Work Stories – Premature, Abortion, Termination, Education?

I was chatting with a friend of mine over lunch,  it varied from the usual chit-chat of what we had been up to at the weekend.

He told me that his wife had went into labour 14 weeks early and that although she was fine,  the baby was in the ICU ( Intensive Care Unit ).

My first reaction was concern,  then followed by what are you doing at work?  

Shouldn’t you be at the hospital or at home supporting your wife?

He says there’s nothing to do,  so as a contractor he might as well just go to work and earn a living instead of hanging around helpless and not getting paid.

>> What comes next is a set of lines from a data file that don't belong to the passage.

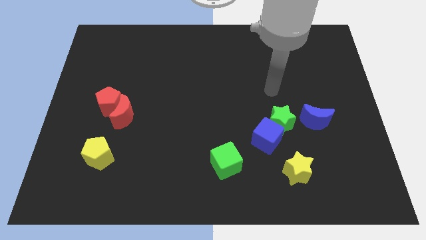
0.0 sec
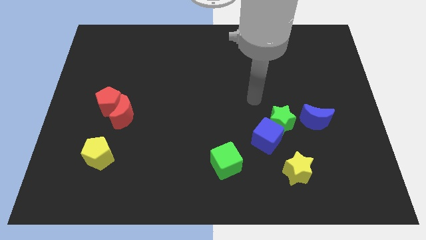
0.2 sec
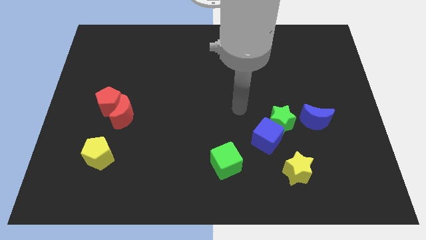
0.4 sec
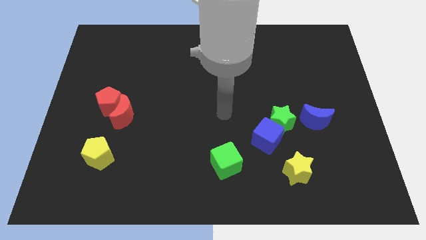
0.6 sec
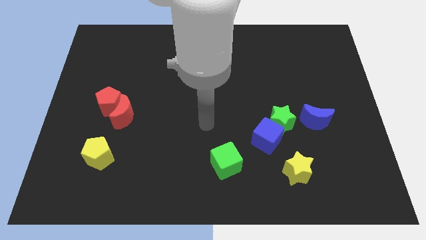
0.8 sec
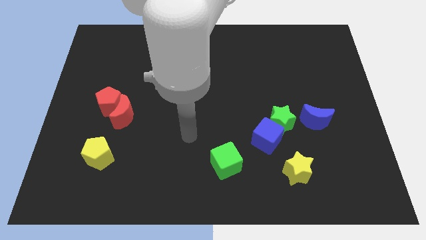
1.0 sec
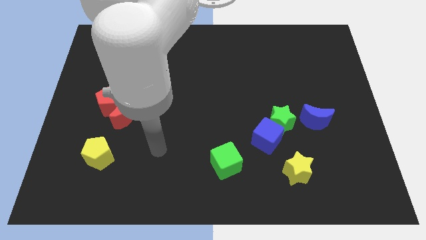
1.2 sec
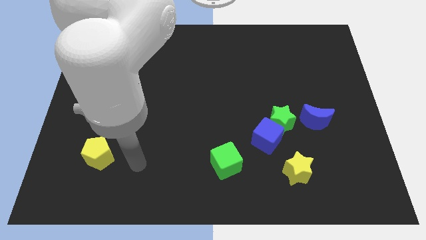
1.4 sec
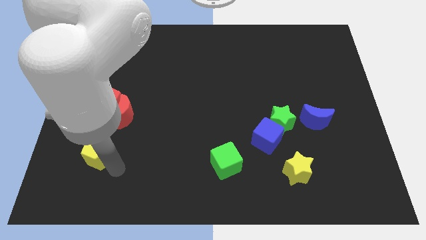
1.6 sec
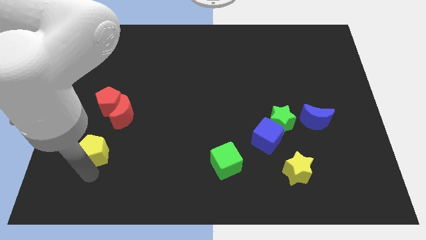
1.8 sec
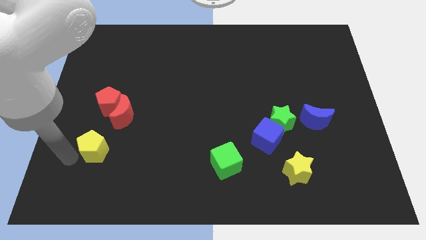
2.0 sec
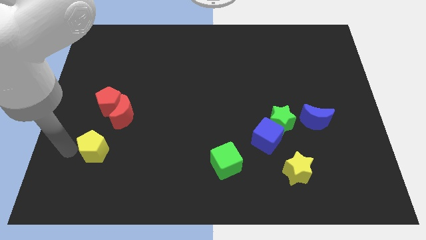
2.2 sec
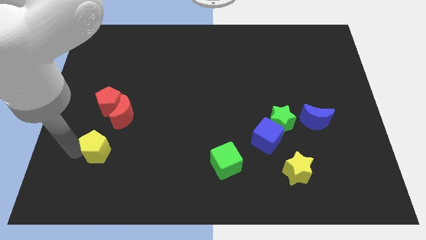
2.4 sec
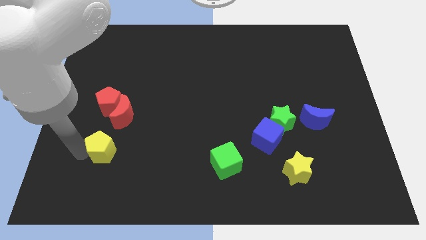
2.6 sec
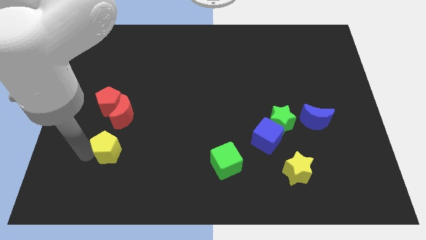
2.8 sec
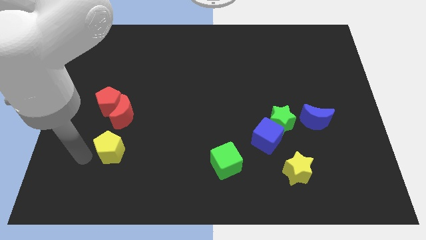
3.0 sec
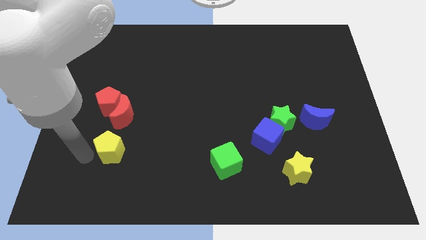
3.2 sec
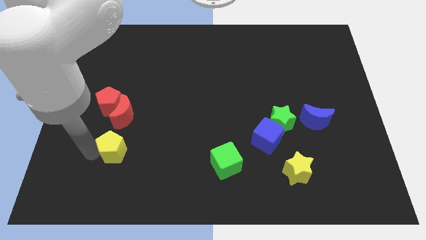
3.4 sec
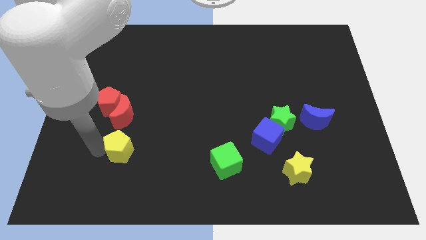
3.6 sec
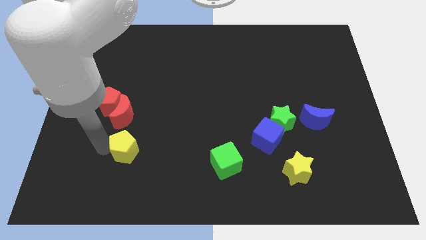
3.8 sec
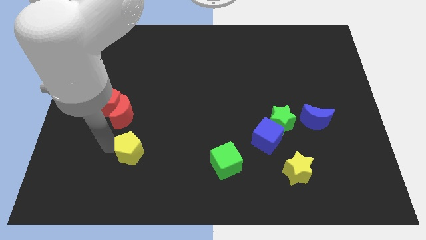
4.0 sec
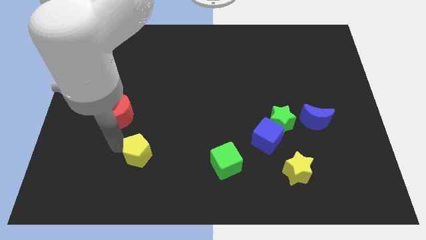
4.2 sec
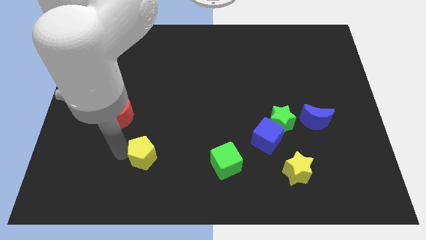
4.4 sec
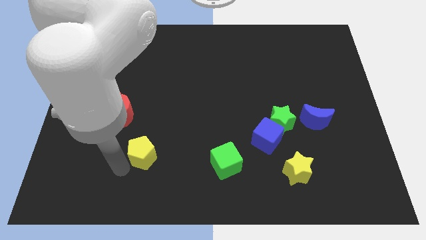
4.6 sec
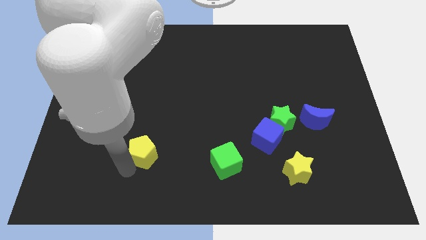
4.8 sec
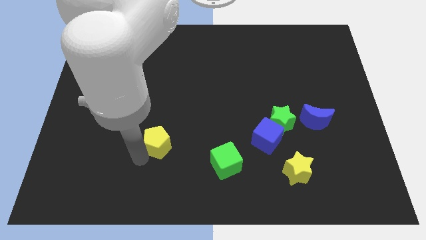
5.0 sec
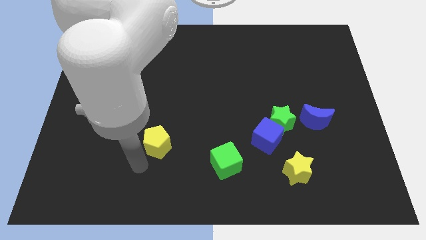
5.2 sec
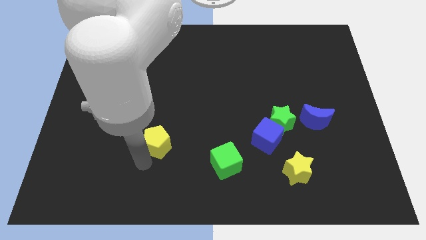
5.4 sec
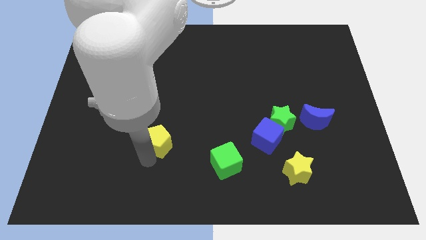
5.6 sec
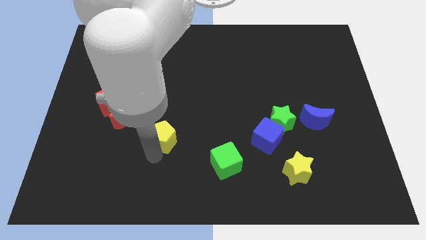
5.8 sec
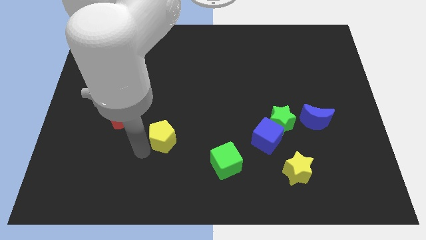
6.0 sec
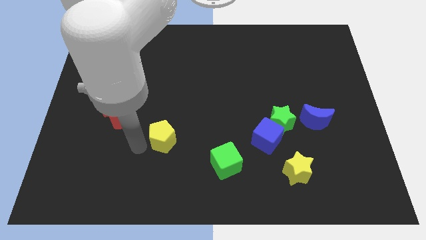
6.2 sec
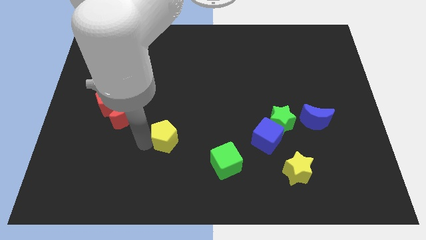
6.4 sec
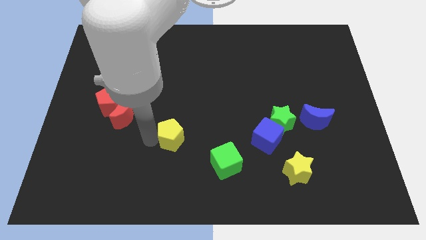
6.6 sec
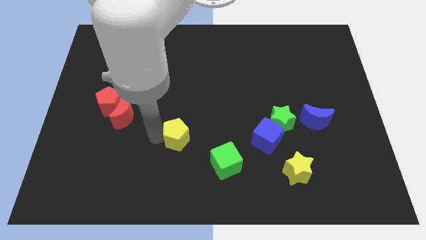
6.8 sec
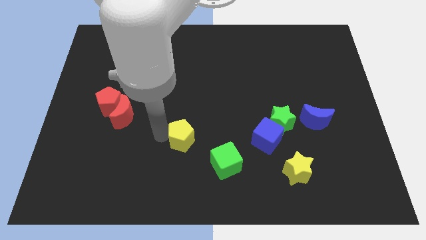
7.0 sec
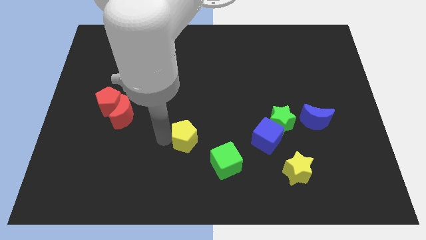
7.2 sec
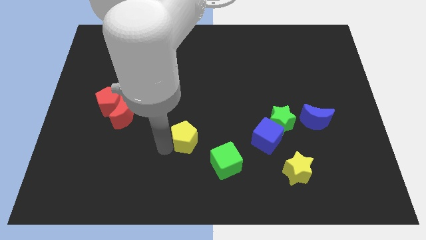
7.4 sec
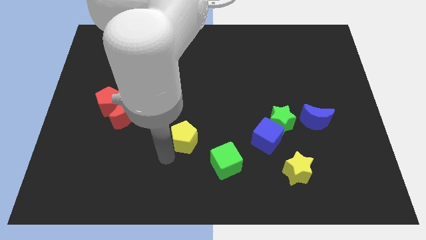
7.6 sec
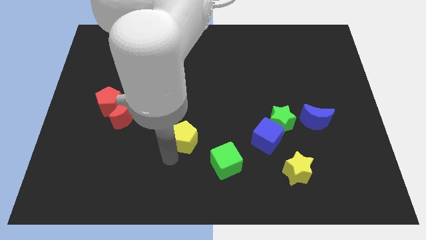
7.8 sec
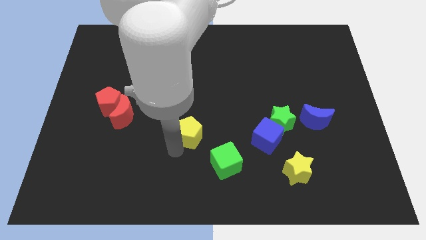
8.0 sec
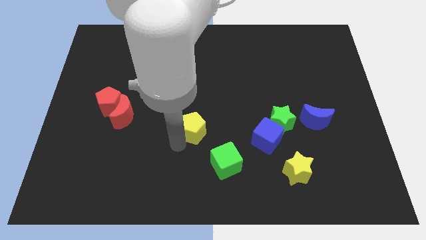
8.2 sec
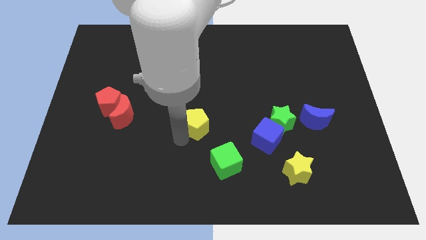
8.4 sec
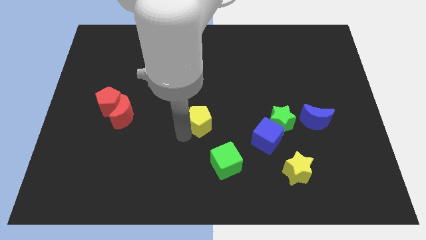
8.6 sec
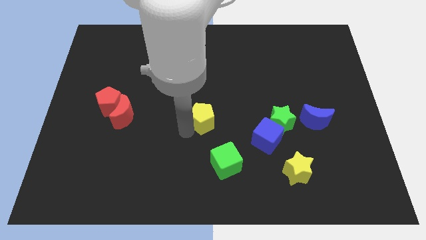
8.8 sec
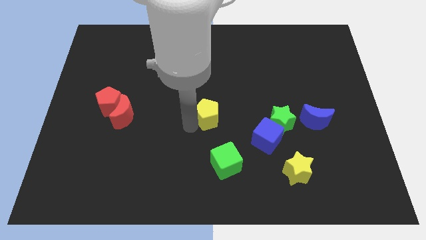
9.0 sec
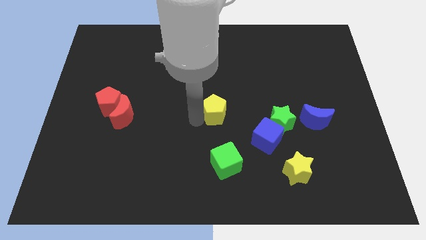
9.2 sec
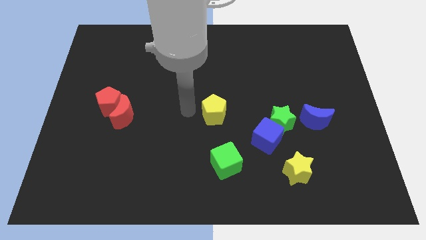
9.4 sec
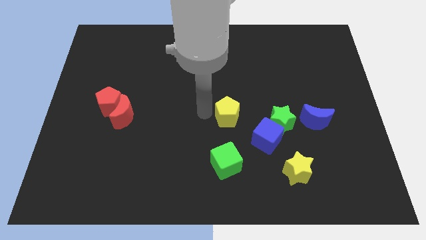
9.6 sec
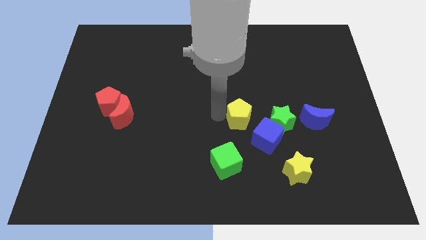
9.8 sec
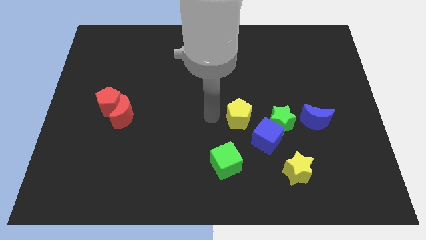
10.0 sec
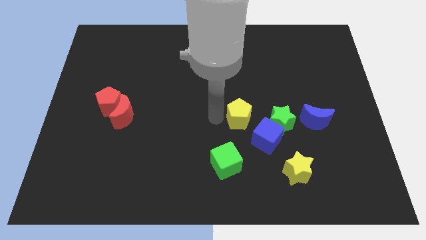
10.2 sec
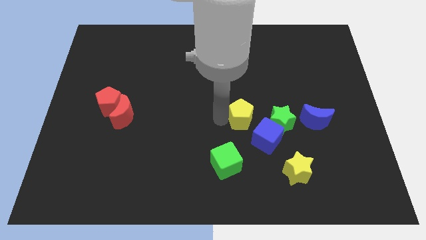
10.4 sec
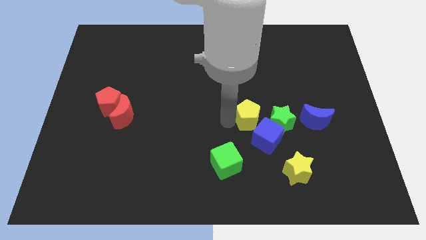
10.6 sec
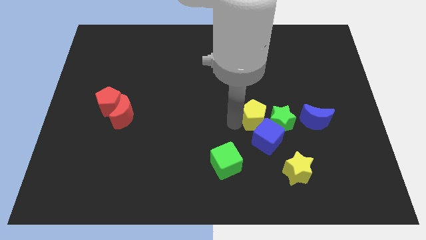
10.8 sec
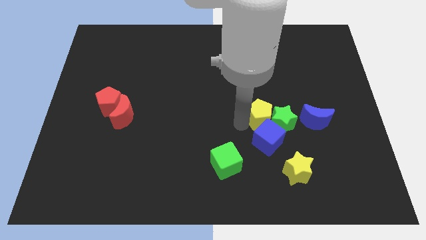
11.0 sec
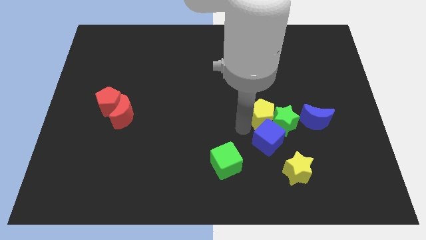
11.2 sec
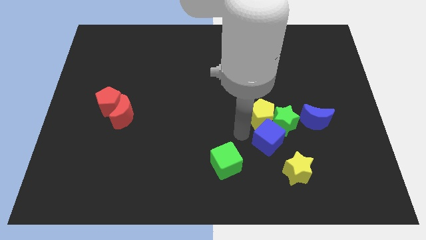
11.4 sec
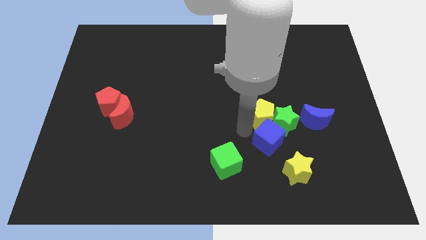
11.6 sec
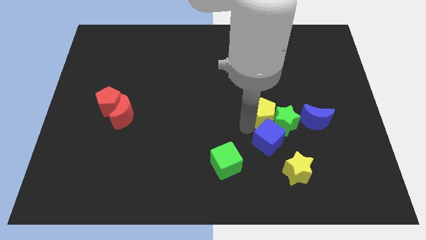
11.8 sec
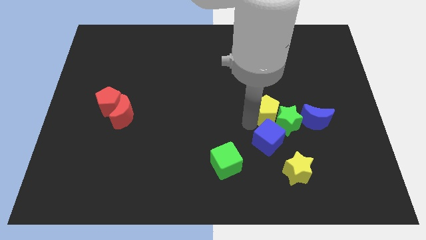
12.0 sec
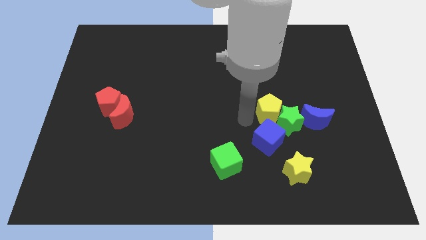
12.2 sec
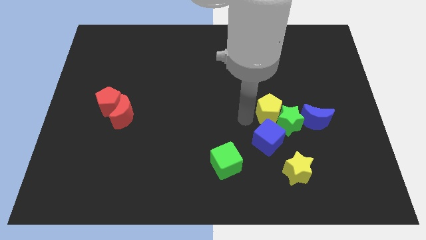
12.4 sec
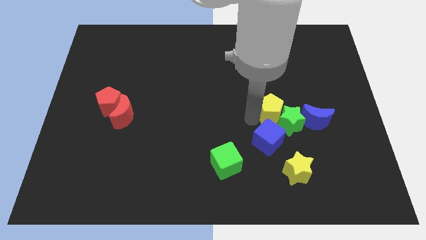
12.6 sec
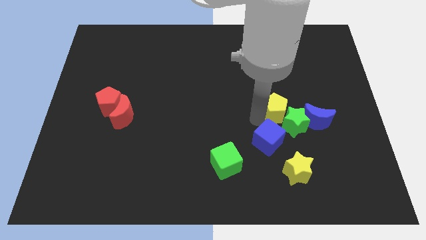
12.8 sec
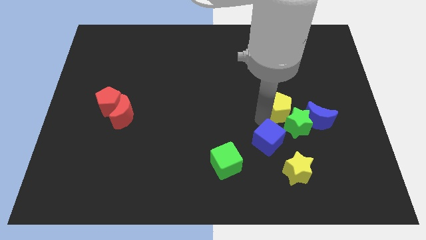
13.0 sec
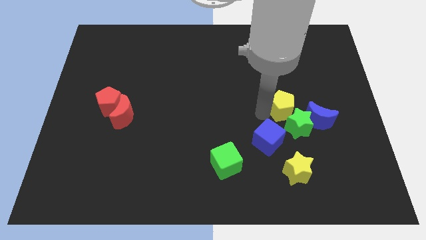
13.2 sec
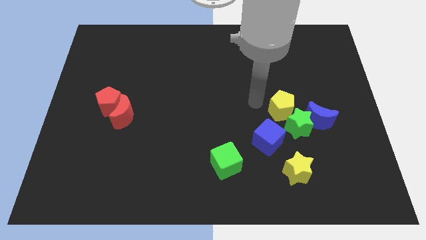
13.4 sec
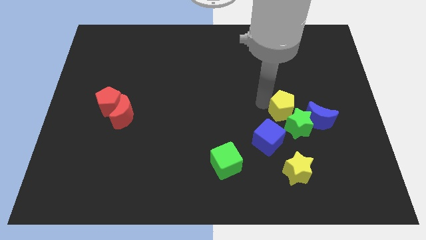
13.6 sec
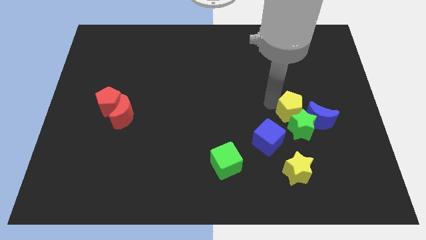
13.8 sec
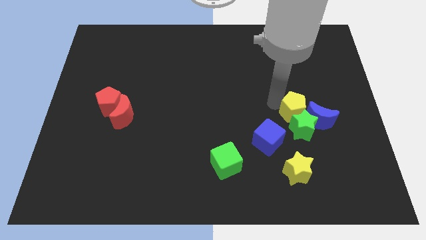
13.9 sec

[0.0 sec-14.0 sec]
move the yellow pentagon towards the blue moon

Hmmm I thought .. think if it was me,  I’d be there and if I ws his missus I’d be pissed off that he wasn’t.

Anyway, 14 weeks premature and the baby is in ICU,  that means it is 26 weeks old.

Only until fairly recently the latest termination period in the UK was 28 weeks but was cut to 24 weeks a few years ago.   That’s quite sad that in one ward a baby is being terminated where as in another it is being helped to survive.  

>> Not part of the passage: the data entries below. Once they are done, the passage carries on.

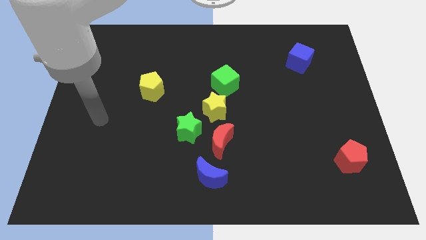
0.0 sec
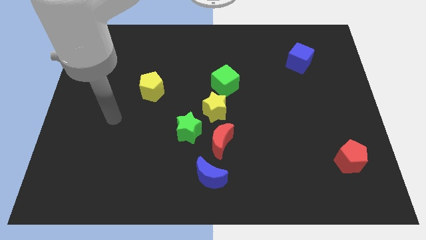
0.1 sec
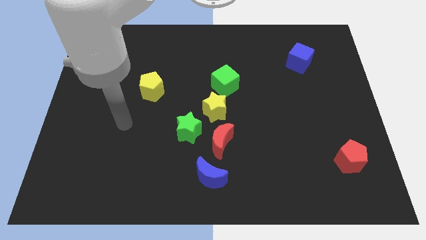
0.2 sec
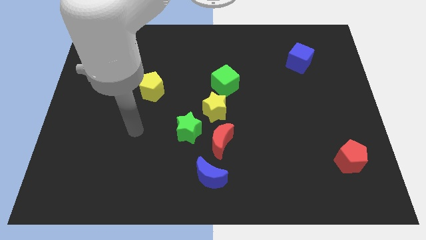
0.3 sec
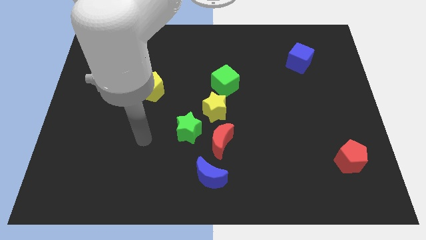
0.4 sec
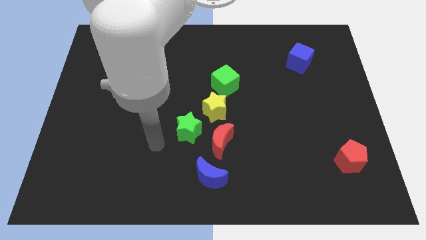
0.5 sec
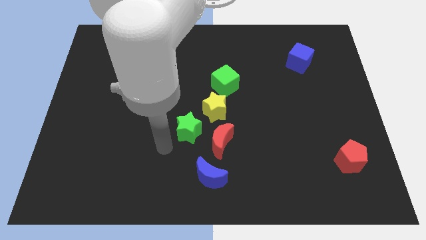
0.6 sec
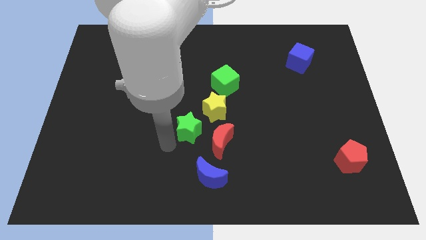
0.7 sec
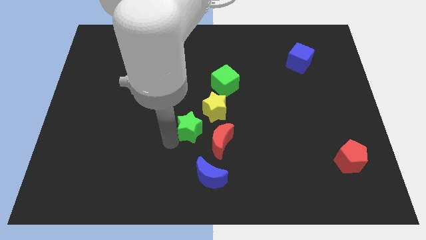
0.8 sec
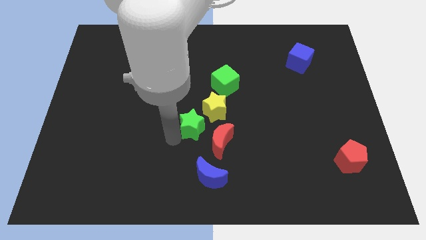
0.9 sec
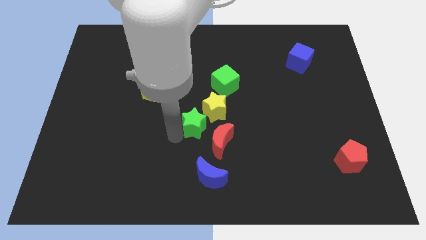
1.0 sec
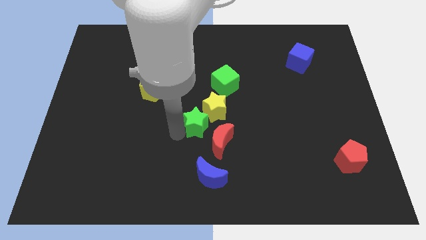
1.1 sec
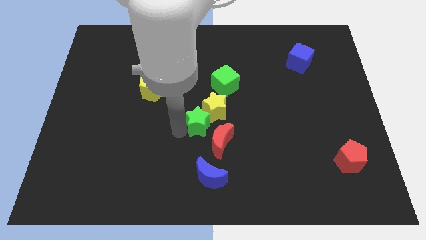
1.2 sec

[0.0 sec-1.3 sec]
push the green star close to the yellow star

Now I’m not going to get into all the pro-choice,  pro-life debate.   We al know the ins and outs of it and if your position is one or the other,  then I’m sure that your point of view is unlikely to change reading my utterings.

But I like statistics,  if you have the facts then you can have an informed view.  

I’ve attached the recently released statistics for abortion prepared by the Chief Medical Officer for England And Wales in 2013,  giving summary information and history over the previous years.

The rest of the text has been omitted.